La voce gira subito: ore contate per la passeggiata turistica di Teddy l'ingordo. Ha finito di fare la bella vita. Si profila all'orizzonte il suo grande avversario, sempre più forte e minaccioso: il virus. Nessuno l'ha iscritto, ma è partito da Torino senza farsi notare e tappa dopo tappa sta venendo fuori con prepotenza. Tutti i giorni, al via, facciamo la conta dei partenti, verso casa: malati veri, malati così così, malati con una bassissima soglia di sofferenza. Nel complesso, comunque una mezza epidemia. Gli ultimissimi sono Uijtdebroeks e Oldani, il primo addirittura maglia bianca, gran bel corridorino.
Girando per i pullman cerco di chiarire con i medici delle squadre la natura dei malanni, ma alla resa dei conti è come stabilire se sia meglio in bianco o al sugo: non c'è una spiegazione unanime e certa. Chi dice virus respiratorio – ma c'è anche qualche corridore appiedato da problemi gastroenterici -, chi dice ma quale virus, è colpa dei continui cambi di tempo e di temperatura, con tutto quel che segue in tema di laringiti, raffreddori, bronchiti. Chiedo anche se l'allarme sta spingendo a prendere qualche precauzione in più, tipo un prudenziale ritorno alla mascherina, ma tutti parlano del solito protocollo, niente di diverso: tamponi appena qualcuno ha i primi sintomi, rapporti esterni con tifosi e amici limitati al minimo, vestizioni e svestizioni in corsa e nel dopocorsa più tempestive. Per il resto, un bel segno di croce e che il Cielo provveda.
Se striscia il virus – o chi per esso –, ancora più strisciante è l'impronunciabile piano d'attacco degli avversari di Teddy. Dove non possono arrivare loro, adesso sperano chiaramente che arrivi la costipazione. Non per augurargli niente – no, figuriamoci, quando mai -, ma solo per pura verità: come colpisce gli altri, perchè non potrebbe azzoppare anche la maglia rosa? Fa parte dei giochi, in una gara di tre settimane. Lo sanno tutti. Non basta la forza, deve andare tutto bene. E se la forza è quella che è, sovrumana, insuperabile, la vulnerabilità si associa alla salute. Con un virus così dilagante, è un attimo patire (tenendo pure conto, confermano i dottori, che col passare dei chilometri e degli stress, il fisico s'indebolisce e la difese calano).
Messa così la seconda metà del Giro, torna prepotentemente d'attualità la teoria che tanto piace ai supertecnici dell'opinionismo da palco: il Giro non è finito, può ancora succedere di tutto. Ma va? E pazienza se non saranno i rivali a battere Teddy sulla strada, ma il malanno. Da qui in poi, gli osservatori non si concentreranno più sui soliti parametri di valutazione (watt, pendenze, distacchi). Al posto del cronometro, useranno il termometro.

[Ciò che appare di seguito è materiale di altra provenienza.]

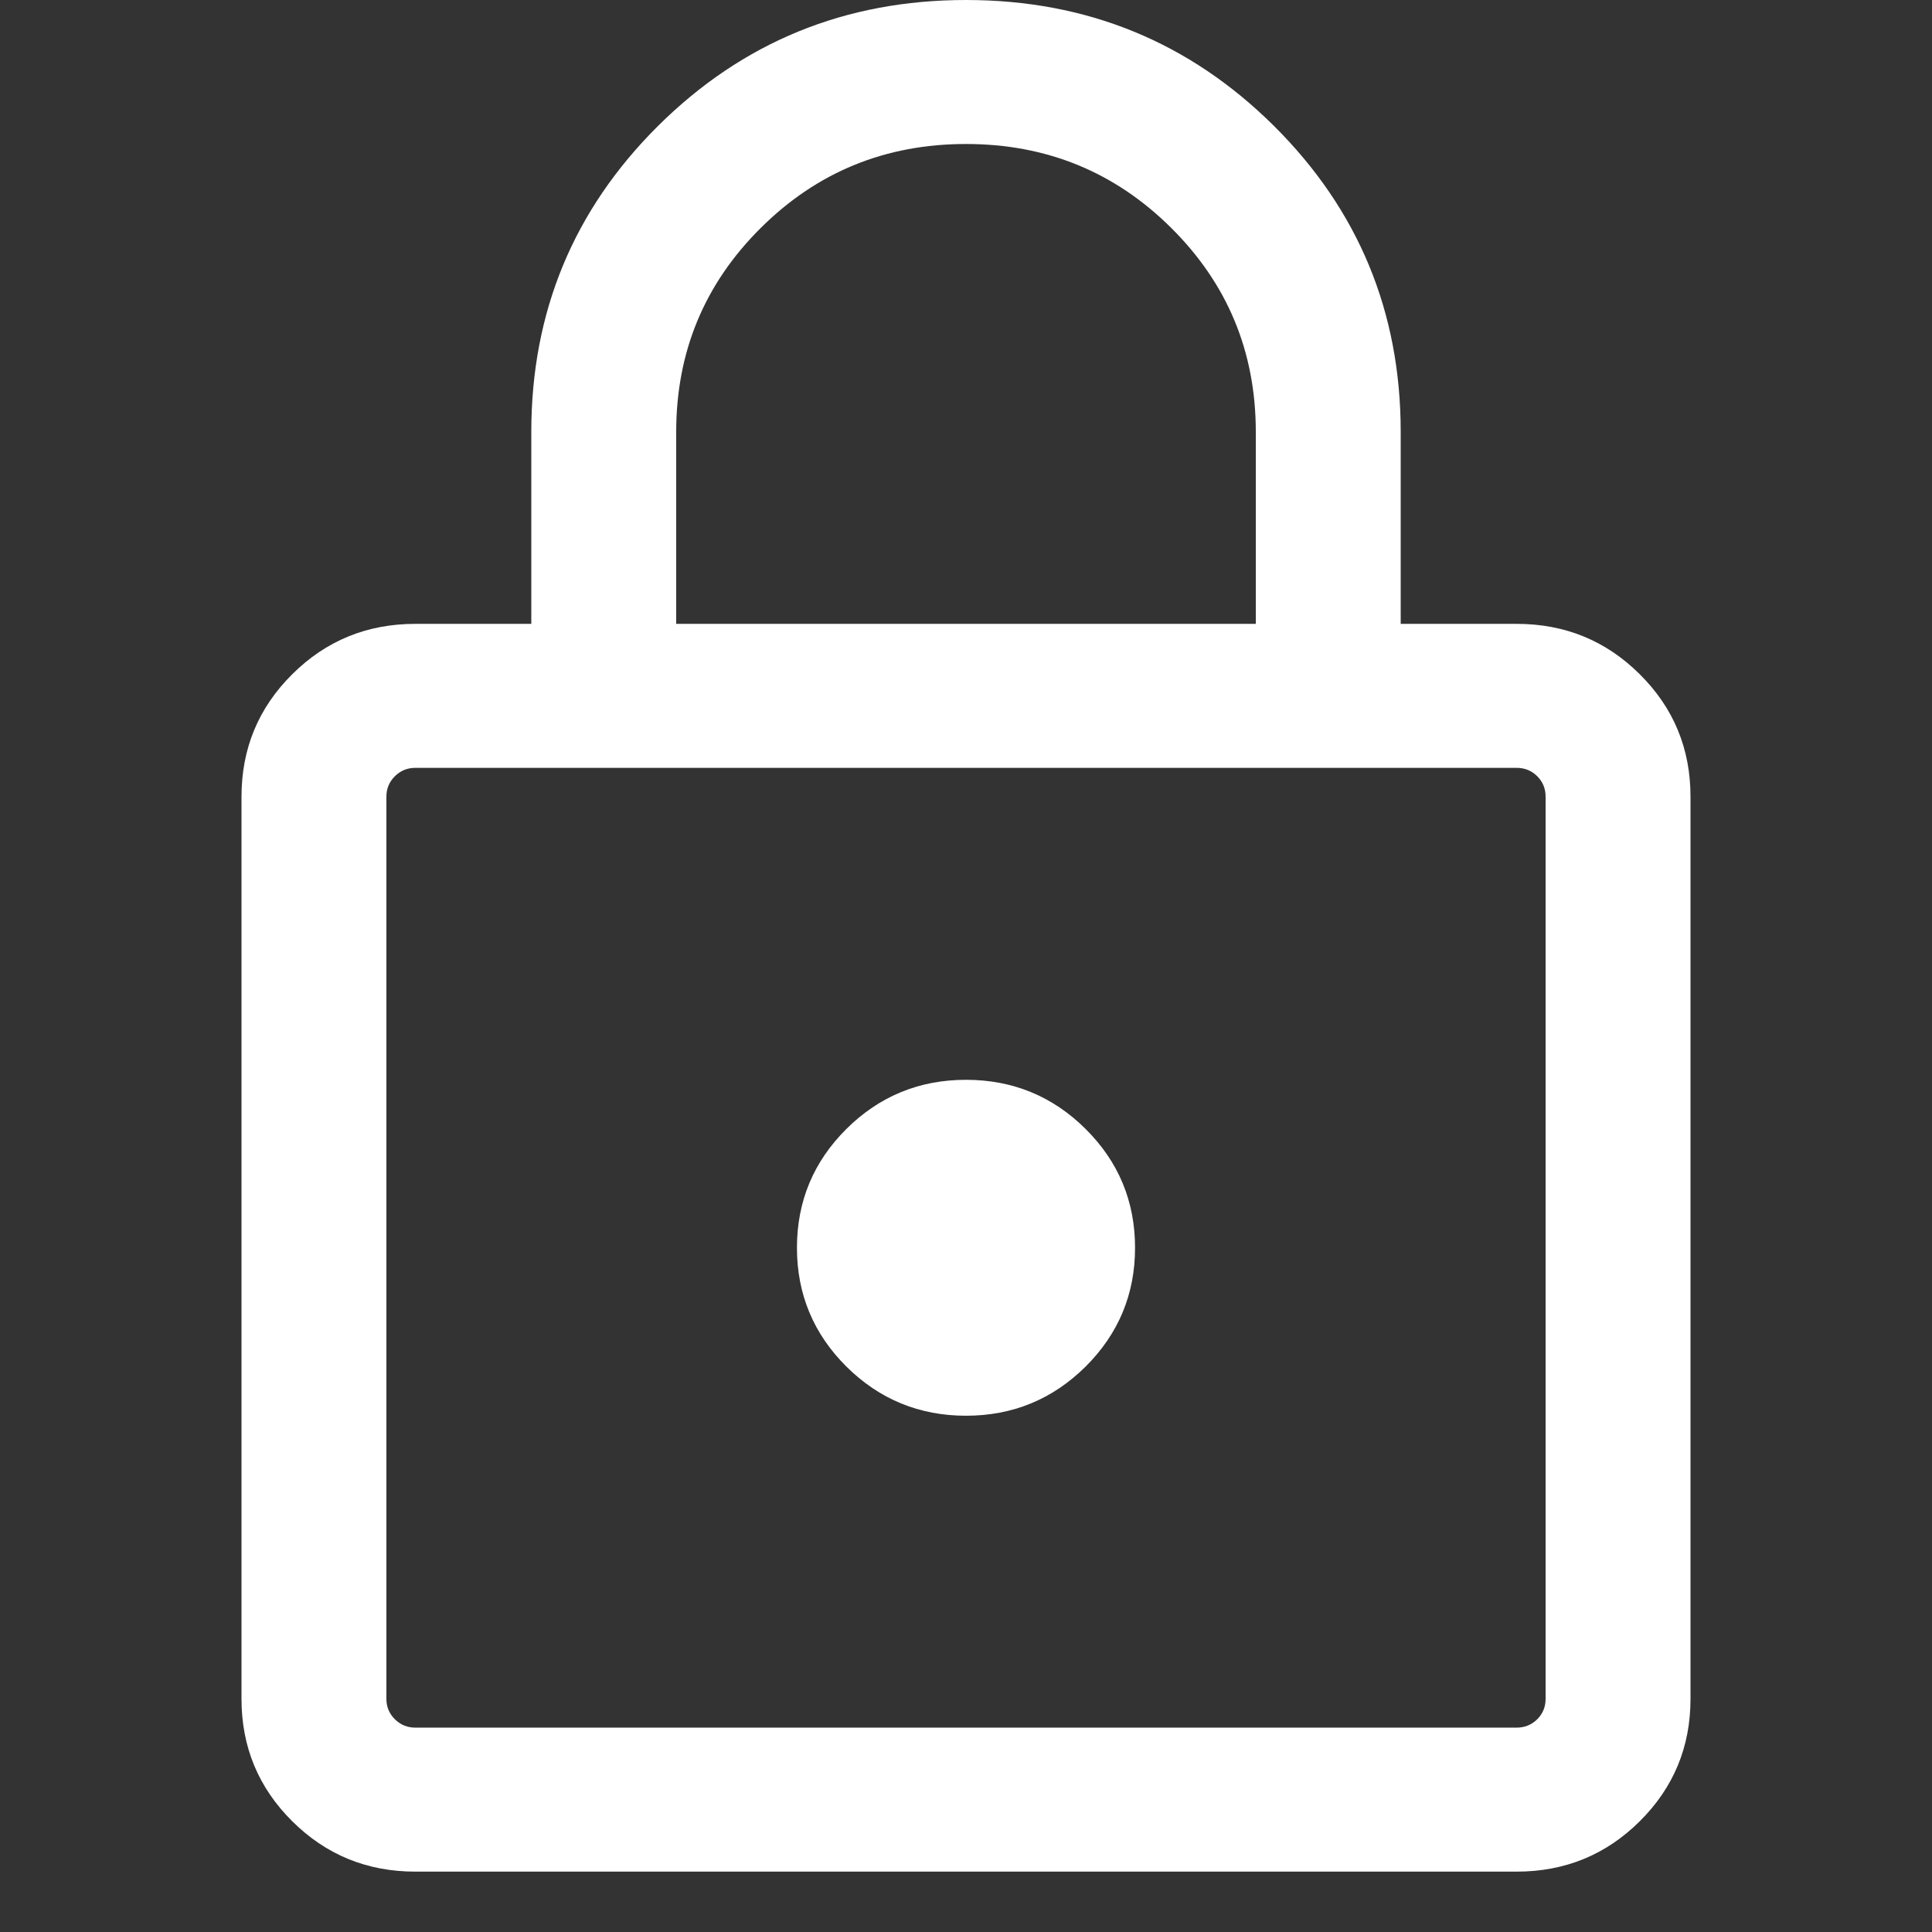 <svg width="32" height="32" viewBox="0 0 32 32" fill="none" xmlns="http://www.w3.org/2000/svg">
<rect x="0" y="0" width="32" height="32" fill="#333333" stroke="none"/>
<path d="M16 0C18 0 19.7 0.695 21.101 2.086C22.5 3.477 23.2 5.167 23.2 7.154V10.333H25.12C25.92 10.333 26.6 10.611 27.16 11.168C27.72 11.724 28 12.4 28 13.195V28.139C28 28.933 27.72 29.609 27.16 30.165C26.6 30.722 25.92 31 25.12 31H6.88C6.08 31 5.4 30.722 4.84 30.165C4.28 29.609 4 28.933 4 28.139V13.195C4 12.4 4.28 11.724 4.84 11.168C5.4 10.611 6.08 10.333 6.88 10.333H8.8V7.154C8.8 5.167 9.5 3.477 10.899 2.086C12.3 0.695 14 0 16 0ZM16 2.385C14.667 2.385 13.533 2.848 12.6 3.776C11.667 4.703 11.2 5.829 11.2 7.154V10.333H20.8V7.154C20.8 5.829 20.333 4.703 19.4 3.776C18.467 2.848 17.333 2.385 16 2.385ZM6.88 28.615H25.12C25.253 28.615 25.367 28.569 25.461 28.477C25.554 28.384 25.6 28.271 25.6 28.139V13.195C25.6 13.062 25.554 12.95 25.461 12.856C25.367 12.764 25.253 12.718 25.12 12.718H6.88C6.747 12.718 6.634 12.764 6.541 12.856C6.447 12.95 6.4 13.062 6.4 13.195V28.139C6.4 28.271 6.447 28.384 6.541 28.477C6.634 28.569 6.747 28.615 6.88 28.615ZM16 17.885C15.227 17.885 14.566 18.156 14.019 18.699C13.473 19.242 13.2 19.898 13.2 20.667C13.2 21.435 13.473 22.091 14.019 22.635C14.566 23.177 15.227 23.449 16 23.449C16.773 23.449 17.434 23.177 17.981 22.635C18.527 22.091 18.8 21.435 18.8 20.667C18.8 19.898 18.527 19.242 17.981 18.699C17.434 18.156 16.773 17.885 16 17.885Z" fill="white"/>
</svg>

Però vorrei dare subito una notizia, a chi tifa virus: risulta agli atti che Teddy abbia già battuto pure quello. Più precisamente: lo stia battendo. La Uae se l'è trovato in casa sin dai primi giorni, ne hanno sofferto in diversi, corridori e personale. Anche Teddy. Il giorno peggiore resta quello della cronometro Foligno-Perugia, così mi conferma il diesse Fabio Baldato, quel giorno pure lui in bambola, guarda caso il giorno in cui il mondo-Giro accusò poi Teddy d'essere un po' isterico, quanto meno nervoso e scorbutico. Altro che insofferenza alla popolarità e ai cerimoniali rosa: era preoccupato, seriamente preoccupato perchè non stava bene (alla faccia della malattia, crono stravinta, quanto avrebbe rifilato se perfettamente in salute?).

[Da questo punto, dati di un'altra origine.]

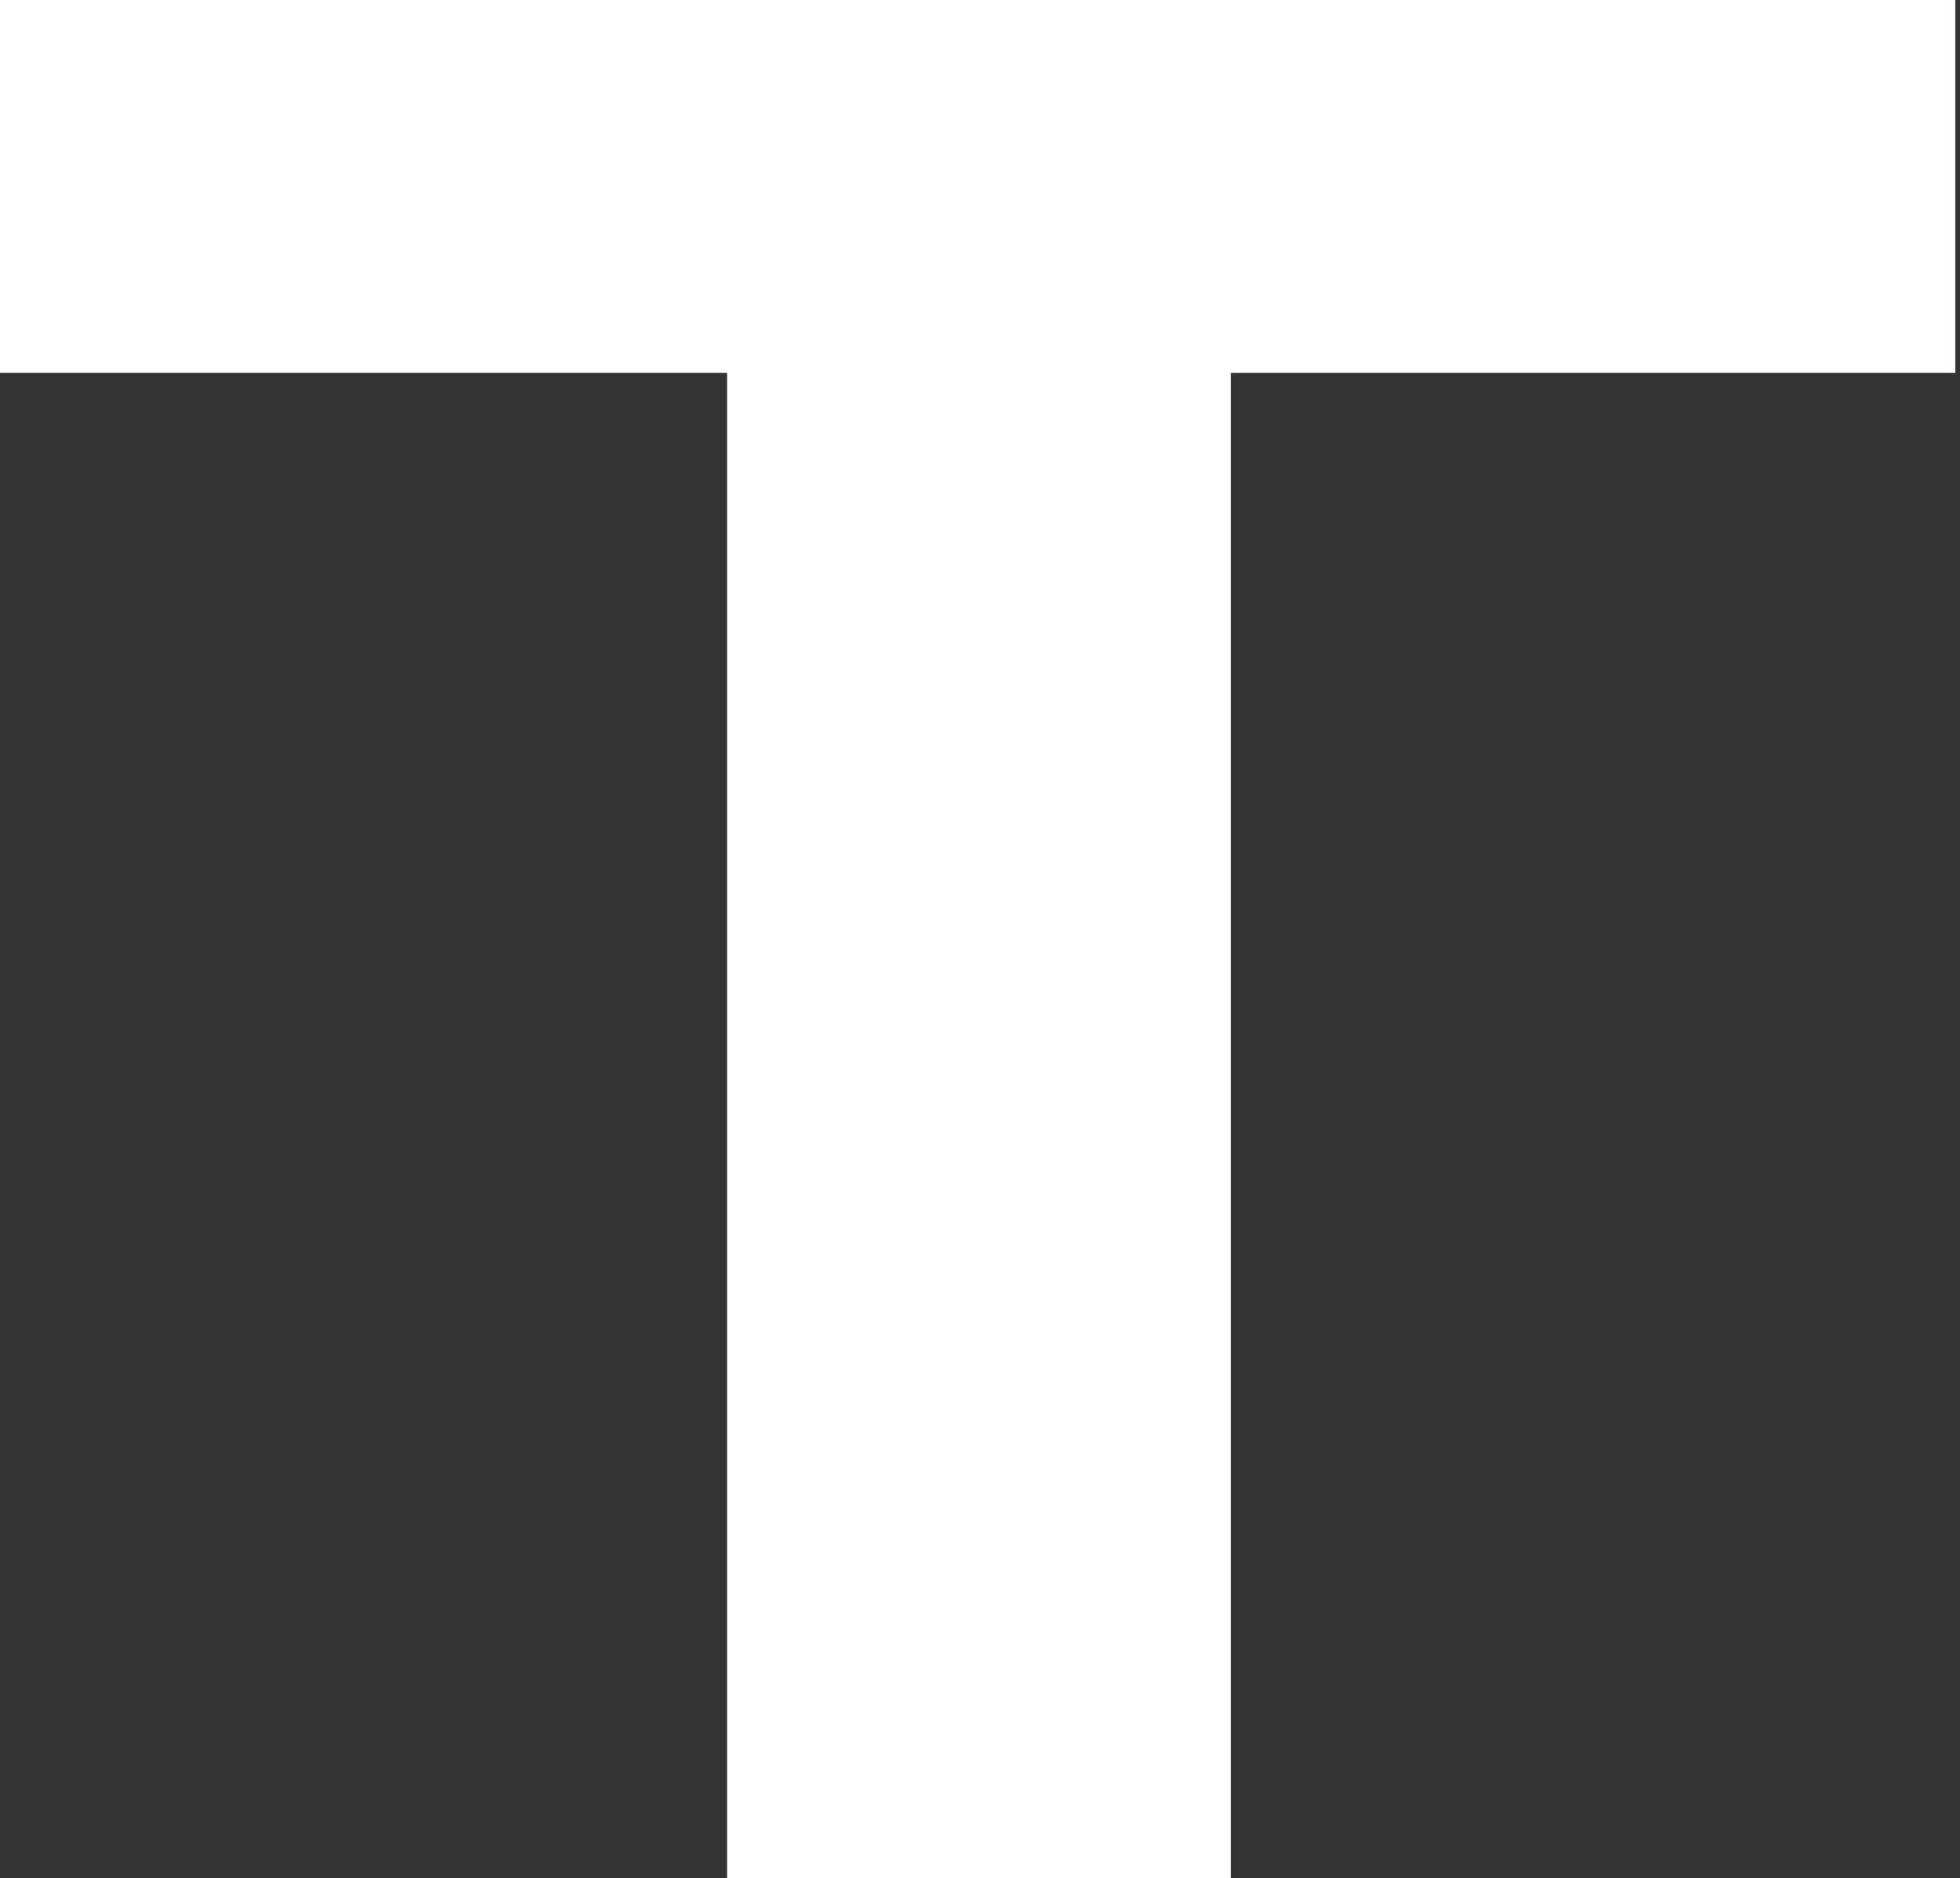 <?xml version="1.0" encoding="UTF-8"?> <svg xmlns="http://www.w3.org/2000/svg" width="193" height="185" viewBox="0 0 193 185" fill="none"><rect x="0" y="0" width="193" height="185" fill="#333333" stroke="none"/> <path d="M192.531 36.72H121.207V185H71.6V36.72H0V0H192.531V36.72Z" fill="white"></path> </svg>

Il peggio comunque sembra passato. Teddy ha ancora le narici un po' infiammate – notare nei primi piani l'abbinamento cromatico con la maglia rosa –, ma siccome di armocromisti ne abbiamo già abbastanza converrà assestarci nella nuova prospettiva del Giro 2024: tecnicamente, in gara, è strafinito, ma fino all'ultimo chilometro si porterà dietro l'incombente variabilità dell'imponderabile, dal virus al vaso di gerani in testa. Ammettiamolo, va bene, può succedere di tutto. Al Giro come nella vita. Ma qualcosa mi dice che, eventualmente, a battere Teddy non sarà un avversario in bici.